# Any Zoom / video chat SA support groups out there?



## staticradio725 (Oct 25, 2020)

Hi guys,
I'm on the hunt for a social anxiety support group that's online via Zoom or some other video chat. Preferably run by a mental health professional, but I'm not picky.
I've been looking, but everything I've found so far is either a regional thing only temporarily moved online due to COVID, wants me to pay money, or is a forum or chatroom type thing.
Like, I know we're all too afraid to talk to each other face-to-face if we don't have to, but come on y'all xD
Anybody know of anything like this that exists out there?


----------



## VIncymon (Apr 16, 2009)

We all know the stigma of mental health.
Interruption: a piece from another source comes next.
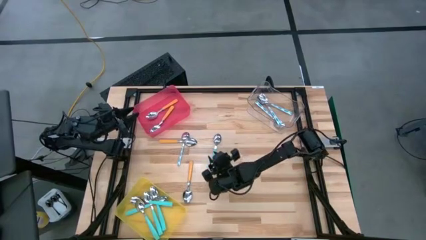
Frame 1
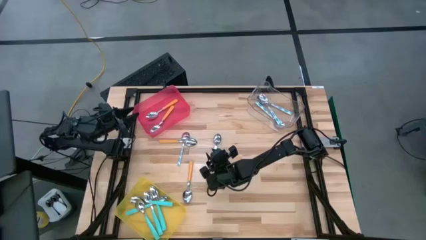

Being anonymous here is one of the things I treasure about this website...it allows me to discuss issues without worrying about someone close finding out. I wouldn't be comfortable doing this on a video chat. But if that's what you want, I wish you luck.


----------



## coeur_brise (Oct 7, 2004)

I wouldn't mind at all though I wouldn't show myself on video, just personally speaking. I've been on a forum zoom meeting where it's been 2-3 people talking with each other and a few others chilling out. I think it's a good idea but maybe with a moderator and personal invite, an even better idea. So far, I don't know if a moderated zoom chat exists.


----------



## CaptainPeanuts (Oct 29, 2015)

You should create a website for an SA group for Zoom, i am sure it will work. Maybe theres some way you can use SAS to promote this site, just link it in the description of your signature.


----------



## staticradio725 (Oct 25, 2020)

CaptainPeanuts said:


> You should create a website for an SA group for Zoom, i am sure it will work. Maybe theres some way you can use SAS to promote this site, just link it in the description of your signature.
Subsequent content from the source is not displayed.